Red faces all around. The party that had raised such hopes and manufactured such hype about its pro-women agenda - remember all the boasts about more female MPs than ever before; remember the ground-breaking, breastfeeding Blair Babes - will now enter the general election with a set of stats calculated further to alienate female voters who, to the tune of one million, already say they've gone off the government.

The picture is bleak indeed. If you care about how your wage packet compares with the man who does the very same job as you, you're better off in France, Germany or even Portugal. The wage gap in these countries is less than in Britain - where a woman working full-time earns just 82 per cent of her male colleague's salary. (For a part-time female worker that percentage sinks to 60.) If you care about paid maternity leave, you'd better up sticks and move to Italy (where a mother gets five months' paid leave) or Finland (nine months - as well as 42 days for paternity leave): in Britain, you'll get a paltry 18 weeks. Add to this poor childcare provision and, in predominantly female professions such as nursing, an average pay of 6 per cent less than overall average male earnings in the UK, and you can see why the European Council of Ministers told the UK to get down to work on closing the pay gap.

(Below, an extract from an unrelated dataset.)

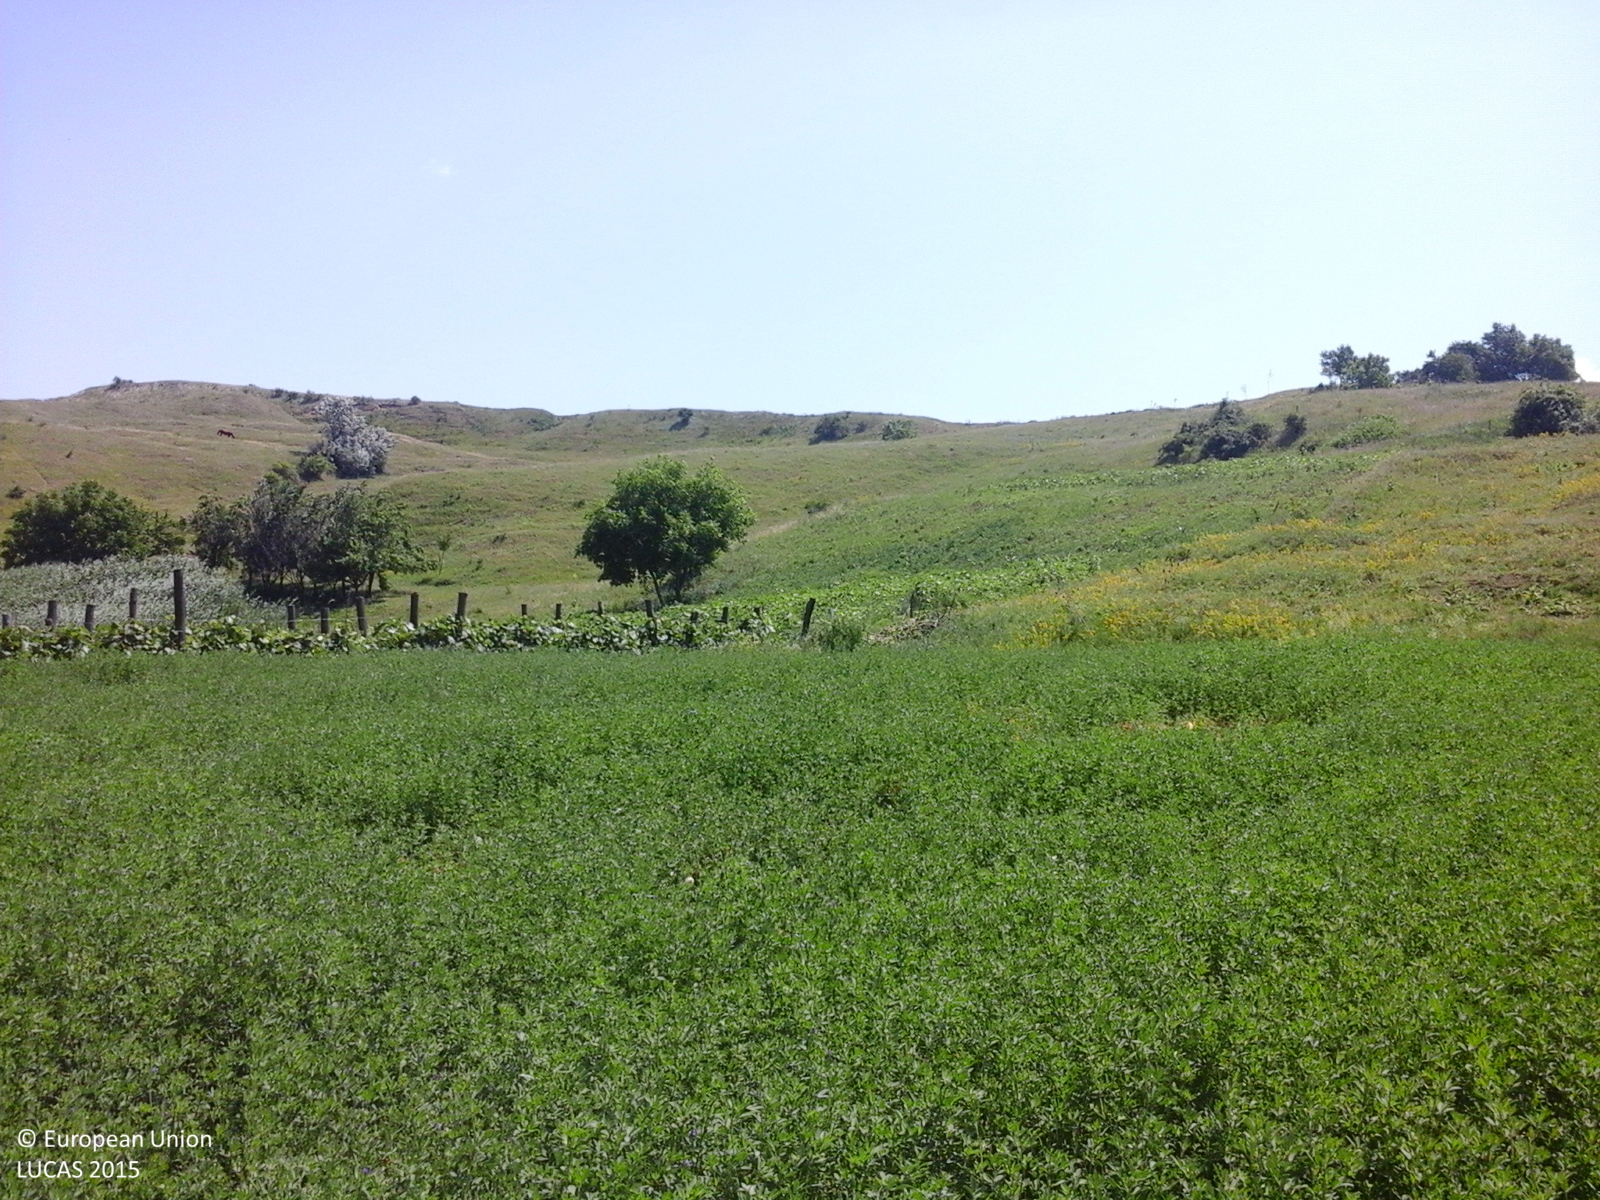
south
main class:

They have their work cut out for them. Thirty years since the Equal Pay Act was passed, and 25 since it came into force, women find the workplace as inimical as the factory caricatured in Charlie Chaplin's Modern Times. Talk to staff at the EOC, and they can name endless cases of women who have had to take their employers to court to receive fair treatment. Take Dr Lorna Chessum, a female lecturer at Leicester's De Montfort University who discovered she had been appointed on a lower salary - £6,000 less - than a similarly qualified male colleague. She received £10,000 compensation in an out-of-court settlement in September 2000. Or Doreen McManus, who worked as a payroll administrator for Rentokil. She claimed that over three years she did the same work as a male colleague, whom she trained and who was paid £3,000 more than her. She took the matter up with her employer, who agreed to review her pay. Her salary was increased - but she was still earning less than her colleague. She lodged an equal pay claim and Rentokil settled the case, paying her £10,500 compensation.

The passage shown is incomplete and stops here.